▸ **About this exercise**:
The listing below must be given again in full, exactly.

▸ **Supplied material**:
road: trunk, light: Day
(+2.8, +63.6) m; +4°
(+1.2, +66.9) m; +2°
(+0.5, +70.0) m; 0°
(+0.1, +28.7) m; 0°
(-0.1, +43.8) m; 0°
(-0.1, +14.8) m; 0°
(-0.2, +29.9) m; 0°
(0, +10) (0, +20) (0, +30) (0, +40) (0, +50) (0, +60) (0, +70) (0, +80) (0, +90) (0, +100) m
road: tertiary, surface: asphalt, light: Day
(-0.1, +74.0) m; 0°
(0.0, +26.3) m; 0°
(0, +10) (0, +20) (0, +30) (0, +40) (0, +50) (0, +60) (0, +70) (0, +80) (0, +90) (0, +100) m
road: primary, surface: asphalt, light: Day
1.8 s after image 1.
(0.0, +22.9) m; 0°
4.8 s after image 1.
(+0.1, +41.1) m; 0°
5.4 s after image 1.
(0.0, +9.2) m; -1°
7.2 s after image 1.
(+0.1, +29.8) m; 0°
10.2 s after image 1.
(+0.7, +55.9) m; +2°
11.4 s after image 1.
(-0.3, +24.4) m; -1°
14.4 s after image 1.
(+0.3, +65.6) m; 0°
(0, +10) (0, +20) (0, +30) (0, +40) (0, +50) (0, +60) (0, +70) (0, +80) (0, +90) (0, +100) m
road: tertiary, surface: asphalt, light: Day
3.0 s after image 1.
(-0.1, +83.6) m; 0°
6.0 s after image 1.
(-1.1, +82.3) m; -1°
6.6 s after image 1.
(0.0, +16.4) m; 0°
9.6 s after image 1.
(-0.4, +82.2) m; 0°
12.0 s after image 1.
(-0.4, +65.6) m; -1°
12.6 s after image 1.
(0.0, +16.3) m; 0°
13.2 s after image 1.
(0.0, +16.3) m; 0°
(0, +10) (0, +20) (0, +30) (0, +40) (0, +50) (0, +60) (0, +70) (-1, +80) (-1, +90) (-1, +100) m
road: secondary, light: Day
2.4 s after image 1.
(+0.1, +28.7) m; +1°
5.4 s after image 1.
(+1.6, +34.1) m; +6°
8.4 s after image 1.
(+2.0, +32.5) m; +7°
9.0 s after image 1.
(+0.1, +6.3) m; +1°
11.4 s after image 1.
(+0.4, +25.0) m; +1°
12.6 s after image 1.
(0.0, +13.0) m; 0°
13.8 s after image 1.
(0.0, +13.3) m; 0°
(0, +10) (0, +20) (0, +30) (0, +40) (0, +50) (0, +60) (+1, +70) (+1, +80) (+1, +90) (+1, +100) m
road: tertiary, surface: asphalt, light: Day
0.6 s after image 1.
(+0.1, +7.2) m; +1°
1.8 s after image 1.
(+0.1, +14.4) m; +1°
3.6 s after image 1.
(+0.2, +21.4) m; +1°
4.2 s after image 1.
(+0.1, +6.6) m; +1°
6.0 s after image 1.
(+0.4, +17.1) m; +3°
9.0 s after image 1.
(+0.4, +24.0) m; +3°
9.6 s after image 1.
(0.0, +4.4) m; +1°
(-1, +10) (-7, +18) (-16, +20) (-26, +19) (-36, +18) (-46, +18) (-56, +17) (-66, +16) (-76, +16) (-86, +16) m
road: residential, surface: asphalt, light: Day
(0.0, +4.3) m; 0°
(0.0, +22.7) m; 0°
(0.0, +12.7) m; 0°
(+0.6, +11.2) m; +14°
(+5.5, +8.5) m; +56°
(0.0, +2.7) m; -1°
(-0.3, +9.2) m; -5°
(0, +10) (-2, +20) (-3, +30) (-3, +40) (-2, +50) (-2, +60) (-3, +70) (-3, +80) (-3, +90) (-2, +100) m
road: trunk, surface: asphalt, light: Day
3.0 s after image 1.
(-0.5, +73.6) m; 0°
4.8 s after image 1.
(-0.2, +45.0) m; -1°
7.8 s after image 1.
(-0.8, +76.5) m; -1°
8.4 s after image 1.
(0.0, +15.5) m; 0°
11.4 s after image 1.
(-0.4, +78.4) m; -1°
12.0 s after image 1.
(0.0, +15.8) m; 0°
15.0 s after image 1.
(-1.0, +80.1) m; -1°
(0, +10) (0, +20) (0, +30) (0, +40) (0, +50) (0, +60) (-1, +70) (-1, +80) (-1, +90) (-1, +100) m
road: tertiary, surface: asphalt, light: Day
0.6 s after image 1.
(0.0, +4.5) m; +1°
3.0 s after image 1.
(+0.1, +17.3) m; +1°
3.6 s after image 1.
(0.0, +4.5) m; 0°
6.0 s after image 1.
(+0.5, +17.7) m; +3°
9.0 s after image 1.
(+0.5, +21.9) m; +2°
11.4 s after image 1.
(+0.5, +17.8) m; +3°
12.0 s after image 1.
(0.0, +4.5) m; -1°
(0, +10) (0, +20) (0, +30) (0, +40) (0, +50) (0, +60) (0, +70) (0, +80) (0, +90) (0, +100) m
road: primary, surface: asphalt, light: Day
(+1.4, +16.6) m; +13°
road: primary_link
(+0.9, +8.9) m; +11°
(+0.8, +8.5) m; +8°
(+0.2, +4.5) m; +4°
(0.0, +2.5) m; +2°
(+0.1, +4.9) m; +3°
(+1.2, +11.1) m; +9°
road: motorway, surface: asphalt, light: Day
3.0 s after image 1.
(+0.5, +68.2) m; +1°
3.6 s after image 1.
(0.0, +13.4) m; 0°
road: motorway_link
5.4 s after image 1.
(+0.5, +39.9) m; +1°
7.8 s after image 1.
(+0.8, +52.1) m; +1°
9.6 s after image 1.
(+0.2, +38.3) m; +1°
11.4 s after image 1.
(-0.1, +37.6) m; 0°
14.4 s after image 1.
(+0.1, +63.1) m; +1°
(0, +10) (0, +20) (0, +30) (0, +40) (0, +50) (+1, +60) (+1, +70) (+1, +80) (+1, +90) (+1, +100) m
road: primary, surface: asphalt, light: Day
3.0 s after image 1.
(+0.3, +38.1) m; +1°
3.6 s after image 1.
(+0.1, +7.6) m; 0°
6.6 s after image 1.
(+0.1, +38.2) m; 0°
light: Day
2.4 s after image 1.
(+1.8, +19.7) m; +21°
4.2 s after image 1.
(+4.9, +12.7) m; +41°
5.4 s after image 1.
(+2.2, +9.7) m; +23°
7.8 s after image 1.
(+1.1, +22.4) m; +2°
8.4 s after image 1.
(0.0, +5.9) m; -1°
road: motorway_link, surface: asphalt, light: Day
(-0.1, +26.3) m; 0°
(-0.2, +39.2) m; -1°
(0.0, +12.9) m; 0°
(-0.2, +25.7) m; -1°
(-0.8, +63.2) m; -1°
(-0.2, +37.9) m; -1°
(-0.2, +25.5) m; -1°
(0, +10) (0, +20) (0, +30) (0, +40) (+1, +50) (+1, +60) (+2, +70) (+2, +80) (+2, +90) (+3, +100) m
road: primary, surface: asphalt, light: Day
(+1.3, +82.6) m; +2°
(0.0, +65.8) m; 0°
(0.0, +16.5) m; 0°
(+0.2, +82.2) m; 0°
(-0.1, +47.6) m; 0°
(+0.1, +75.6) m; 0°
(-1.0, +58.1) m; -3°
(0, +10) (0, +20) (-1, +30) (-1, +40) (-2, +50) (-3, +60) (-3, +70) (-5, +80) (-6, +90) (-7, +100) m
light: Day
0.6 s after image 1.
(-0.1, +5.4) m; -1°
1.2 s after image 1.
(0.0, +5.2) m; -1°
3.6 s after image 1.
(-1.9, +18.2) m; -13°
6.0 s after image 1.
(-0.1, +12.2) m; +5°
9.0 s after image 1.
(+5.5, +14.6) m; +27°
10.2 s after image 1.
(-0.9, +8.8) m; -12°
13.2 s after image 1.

▸ **Task solution**:
road: trunk, light: Day
(+2.8, +63.6) m; +4°
(+1.2, +66.9) m; +2°
(+0.5, +70.0) m; 0°
(+0.1, +28.7) m; 0°
(-0.1, +43.8) m; 0°
(-0.1, +14.8) m; 0°
(-0.2, +29.9) m; 0°
(0, +10) (0, +20) (0, +30) (0, +40) (0, +50) (0, +60) (0, +70) (0, +80) (0, +90) (0, +100) m
road: tertiary, surface: asphalt, light: Day
(-0.1, +74.0) m; 0°
(0.0, +26.3) m; 0°
(0, +10) (0, +20) (0, +30) (0, +40) (0, +50) (0, +60) (0, +70) (0, +80) (0, +90) (0, +100) m
road: primary, surface: asphalt, light: Day
1.8 s after image 1.
(0.0, +22.9) m; 0°
4.8 s after image 1.
(+0.1, +41.1) m; 0°
5.4 s after image 1.
(0.0, +9.2) m; -1°
7.2 s after image 1.
(+0.1, +29.8) m; 0°
10.2 s after image 1.
(+0.7, +55.9) m; +2°
11.4 s after image 1.
(-0.3, +24.4) m; -1°
14.4 s after image 1.
(+0.3, +65.6) m; 0°
(0, +10) (0, +20) (0, +30) (0, +40) (0, +50) (0, +60) (0, +70) (0, +80) (0, +90) (0, +100) m
road: tertiary, surface: asphalt, light: Day
3.0 s after image 1.
(-0.1, +83.6) m; 0°
6.0 s after image 1.
(-1.1, +82.3) m; -1°
6.6 s after image 1.
(0.0, +16.4) m; 0°
9.6 s after image 1.
(-0.4, +82.2) m; 0°
12.0 s after image 1.
(-0.4, +65.6) m; -1°
12.6 s after image 1.
(0.0, +16.3) m; 0°
13.2 s after image 1.
(0.0, +16.3) m; 0°
(0, +10) (0, +20) (0, +30) (0, +40) (0, +50) (0, +60) (0, +70) (-1, +80) (-1, +90) (-1, +100) m
road: secondary, light: Day
2.4 s after image 1.
(+0.1, +28.7) m; +1°
5.4 s after image 1.
(+1.6, +34.1) m; +6°
8.4 s after image 1.
(+2.0, +32.5) m; +7°
9.0 s after image 1.
(+0.1, +6.3) m; +1°
11.4 s after image 1.
(+0.4, +25.0) m; +1°
12.6 s after image 1.
(0.0, +13.0) m; 0°
13.8 s after image 1.
(0.0, +13.3) m; 0°
(0, +10) (0, +20) (0, +30) (0, +40) (0, +50) (0, +60) (+1, +70) (+1, +80) (+1, +90) (+1, +100) m
road: tertiary, surface: asphalt, light: Day
0.6 s after image 1.
(+0.1, +7.2) m; +1°
1.8 s after image 1.
(+0.1, +14.4) m; +1°
3.6 s after image 1.
(+0.2, +21.4) m; +1°
4.2 s after image 1.
(+0.1, +6.6) m; +1°
6.0 s after image 1.
(+0.4, +17.1) m; +3°
9.0 s after image 1.
(+0.4, +24.0) m; +3°
9.6 s after image 1.
(0.0, +4.4) m; +1°
(-1, +10) (-7, +18) (-16, +20) (-26, +19) (-36, +18) (-46, +18) (-56, +17) (-66, +16) (-76, +16) (-86, +16) m
road: residential, surface: asphalt, light: Day
(0.0, +4.3) m; 0°
(0.0, +22.7) m; 0°
(0.0, +12.7) m; 0°
(+0.6, +11.2) m; +14°
(+5.5, +8.5) m; +56°
(0.0, +2.7) m; -1°
(-0.3, +9.2) m; -5°
(0, +10) (-2, +20) (-3, +30) (-3, +40) (-2, +50) (-2, +60) (-3, +70) (-3, +80) (-3, +90) (-2, +100) m
road: trunk, surface: asphalt, light: Day
3.0 s after image 1.
(-0.5, +73.6) m; 0°
4.8 s after image 1.
(-0.2, +45.0) m; -1°
7.8 s after image 1.
(-0.8, +76.5) m; -1°
8.4 s after image 1.
(0.0, +15.5) m; 0°
11.4 s after image 1.
(-0.4, +78.4) m; -1°
12.0 s after image 1.
(0.0, +15.8) m; 0°
15.0 s after image 1.
(-1.0, +80.1) m; -1°
(0, +10) (0, +20) (0, +30) (0, +40) (0, +50) (0, +60) (-1, +70) (-1, +80) (-1, +90) (-1, +100) m
road: tertiary, surface: asphalt, light: Day
0.6 s after image 1.
(0.0, +4.5) m; +1°
3.0 s after image 1.
(+0.1, +17.3) m; +1°
3.6 s after image 1.
(0.0, +4.5) m; 0°
6.0 s after image 1.
(+0.5, +17.7) m; +3°
9.0 s after image 1.
(+0.5, +21.9) m; +2°
11.4 s after image 1.
(+0.5, +17.8) m; +3°
12.0 s after image 1.
(0.0, +4.5) m; -1°
(0, +10) (0, +20) (0, +30) (0, +40) (0, +50) (0, +60) (0, +70) (0, +80) (0, +90) (0, +100) m
road: primary, surface: asphalt, light: Day
(+1.4, +16.6) m; +13°
road: primary_link
(+0.9, +8.9) m; +11°
(+0.8, +8.5) m; +8°
(+0.2, +4.5) m; +4°
(0.0, +2.5) m; +2°
(+0.1, +4.9) m; +3°
(+1.2, +11.1) m; +9°
road: motorway, surface: asphalt, light: Day
3.0 s after image 1.
(+0.5, +68.2) m; +1°
3.6 s after image 1.
(0.0, +13.4) m; 0°
road: motorway_link
5.4 s after image 1.
(+0.5, +39.9) m; +1°
7.8 s after image 1.
(+0.8, +52.1) m; +1°
9.6 s after image 1.
(+0.2, +38.3) m; +1°
11.4 s after image 1.
(-0.1, +37.6) m; 0°
14.4 s after image 1.
(+0.1, +63.1) m; +1°
(0, +10) (0, +20) (0, +30) (0, +40) (0, +50) (+1, +60) (+1, +70) (+1, +80) (+1, +90) (+1, +100) m
road: primary, surface: asphalt, light: Day
3.0 s after image 1.
(+0.3, +38.1) m; +1°
3.6 s after image 1.
(+0.1, +7.6) m; 0°
6.6 s after image 1.
(+0.1, +38.2) m; 0°
light: Day
2.4 s after image 1.
(+1.8, +19.7) m; +21°
4.2 s after image 1.
(+4.9, +12.7) m; +41°
5.4 s after image 1.
(+2.2, +9.7) m; +23°
7.8 s after image 1.
(+1.1, +22.4) m; +2°
8.4 s after image 1.
(0.0, +5.9) m; -1°
road: motorway_link, surface: asphalt, light: Day
(-0.1, +26.3) m; 0°
(-0.2, +39.2) m; -1°
(0.0, +12.9) m; 0°
(-0.2, +25.7) m; -1°
(-0.8, +63.2) m; -1°
(-0.2, +37.9) m; -1°
(-0.2, +25.5) m; -1°
(0, +10) (0, +20) (0, +30) (0, +40) (+1, +50) (+1, +60) (+2, +70) (+2, +80) (+2, +90) (+3, +100) m
road: primary, surface: asphalt, light: Day
(+1.3, +82.6) m; +2°
(0.0, +65.8) m; 0°
(0.0, +16.5) m; 0°
(+0.2, +82.2) m; 0°
(-0.1, +47.6) m; 0°
(+0.1, +75.6) m; 0°
(-1.0, +58.1) m; -3°
(0, +10) (0, +20) (-1, +30) (-1, +40) (-2, +50) (-3, +60) (-3, +70) (-5, +80) (-6, +90) (-7, +100) m
light: Day
0.6 s after image 1.
(-0.1, +5.4) m; -1°
1.2 s after image 1.
(0.0, +5.2) m; -1°
3.6 s after image 1.
(-1.9, +18.2) m; -13°
6.0 s after image 1.
(-0.1, +12.2) m; +5°
9.0 s after image 1.
(+5.5, +14.6) m; +27°
10.2 s after image 1.
(-0.9, +8.8) m; -12°
13.2 s after image 1.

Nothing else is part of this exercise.